▶ **Data for this task**:

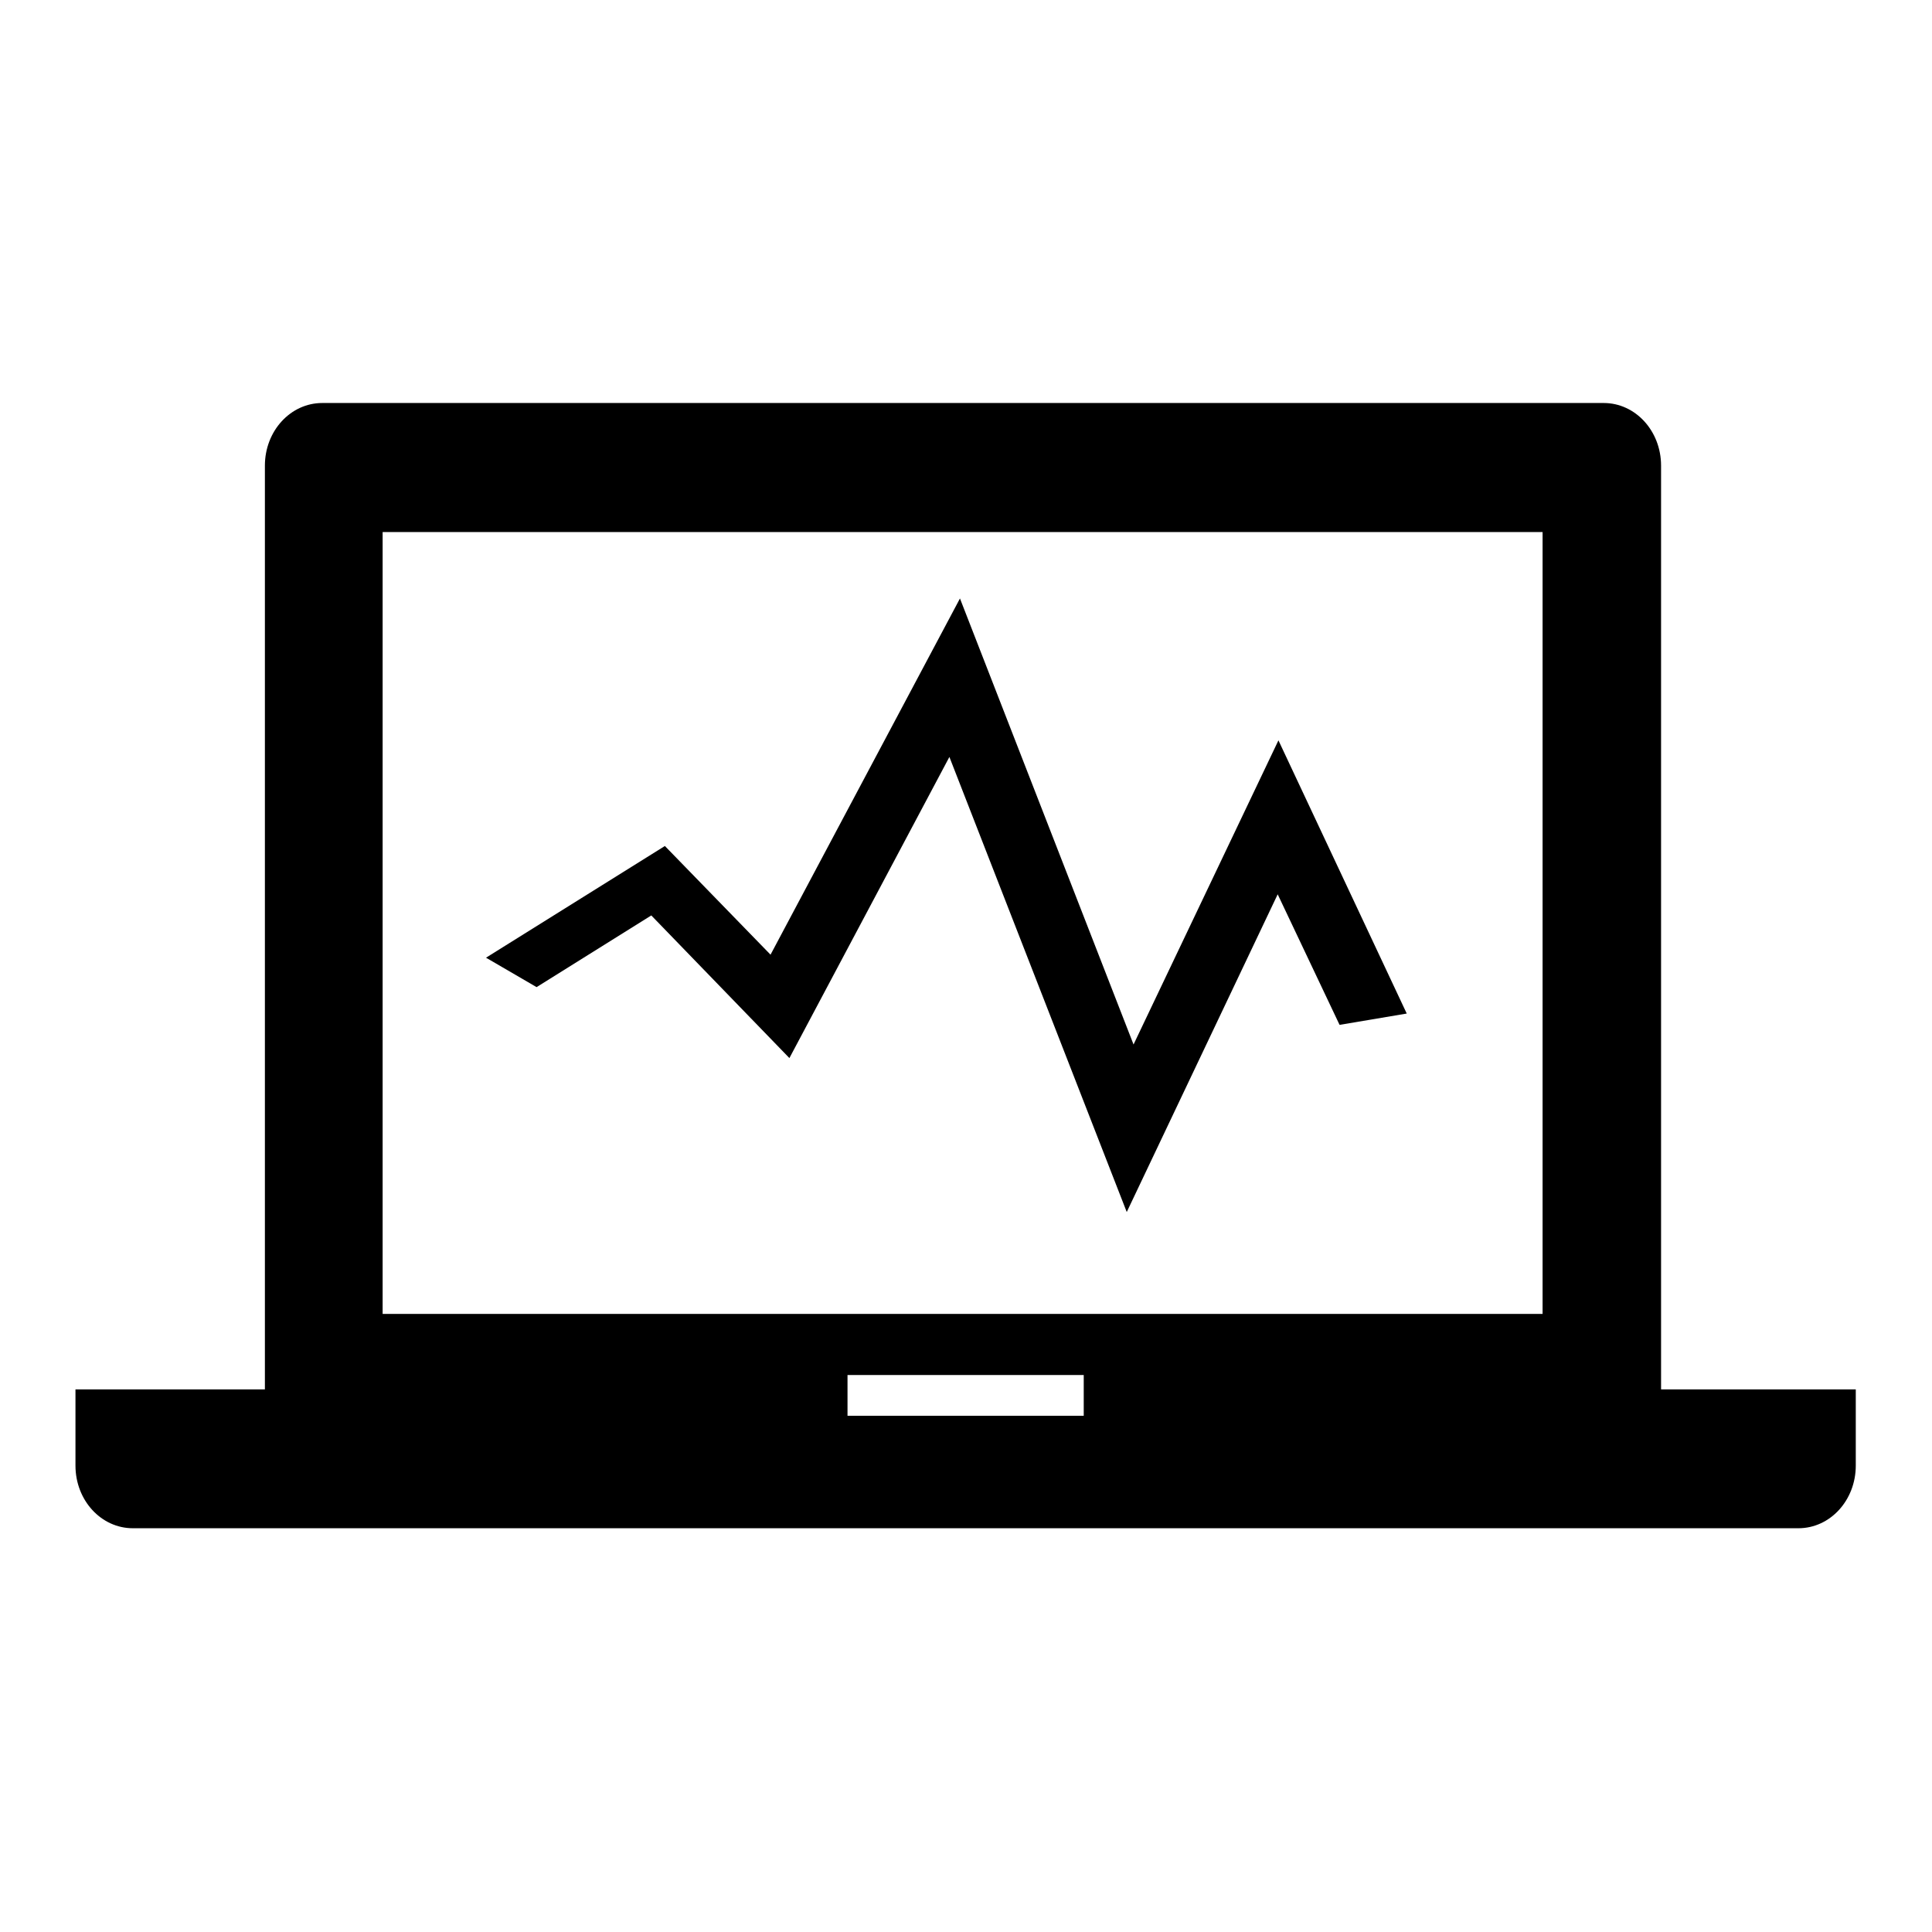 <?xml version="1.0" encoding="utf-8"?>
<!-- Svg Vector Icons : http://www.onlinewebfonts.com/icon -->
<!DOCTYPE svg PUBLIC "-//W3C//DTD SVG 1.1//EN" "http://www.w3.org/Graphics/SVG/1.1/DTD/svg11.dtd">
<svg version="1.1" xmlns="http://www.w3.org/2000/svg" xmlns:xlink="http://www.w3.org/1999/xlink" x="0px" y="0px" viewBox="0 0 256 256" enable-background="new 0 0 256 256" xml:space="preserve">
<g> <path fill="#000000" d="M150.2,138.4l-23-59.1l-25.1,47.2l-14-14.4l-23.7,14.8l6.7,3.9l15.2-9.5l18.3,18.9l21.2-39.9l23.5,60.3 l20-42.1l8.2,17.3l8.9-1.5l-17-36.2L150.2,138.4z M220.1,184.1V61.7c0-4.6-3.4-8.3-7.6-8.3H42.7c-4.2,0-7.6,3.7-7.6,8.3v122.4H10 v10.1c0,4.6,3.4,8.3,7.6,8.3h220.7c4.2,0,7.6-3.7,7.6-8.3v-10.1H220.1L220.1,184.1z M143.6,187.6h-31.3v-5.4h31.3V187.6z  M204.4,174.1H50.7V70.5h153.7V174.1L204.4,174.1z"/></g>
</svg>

▶ **Exercise requirements**: Go through the listing above and find each line containing the string "http"; copy those lines.

▶ **Exercise response**:
<!-- Svg Vector Icons : http://www.onlinewebfonts.com/icon -->
<!DOCTYPE svg PUBLIC "-//W3C//DTD SVG 1.1//EN" "http://www.w3.org/Graphics/SVG/1.1/DTD/svg11.dtd">
<svg version="1.1" xmlns="http://www.w3.org/2000/svg" xmlns:xlink="http://www.w3.org/1999/xlink" x="0px" y="0px" viewBox="0 0 256 256" enable-background="new 0 0 256 256" xml:space="preserve">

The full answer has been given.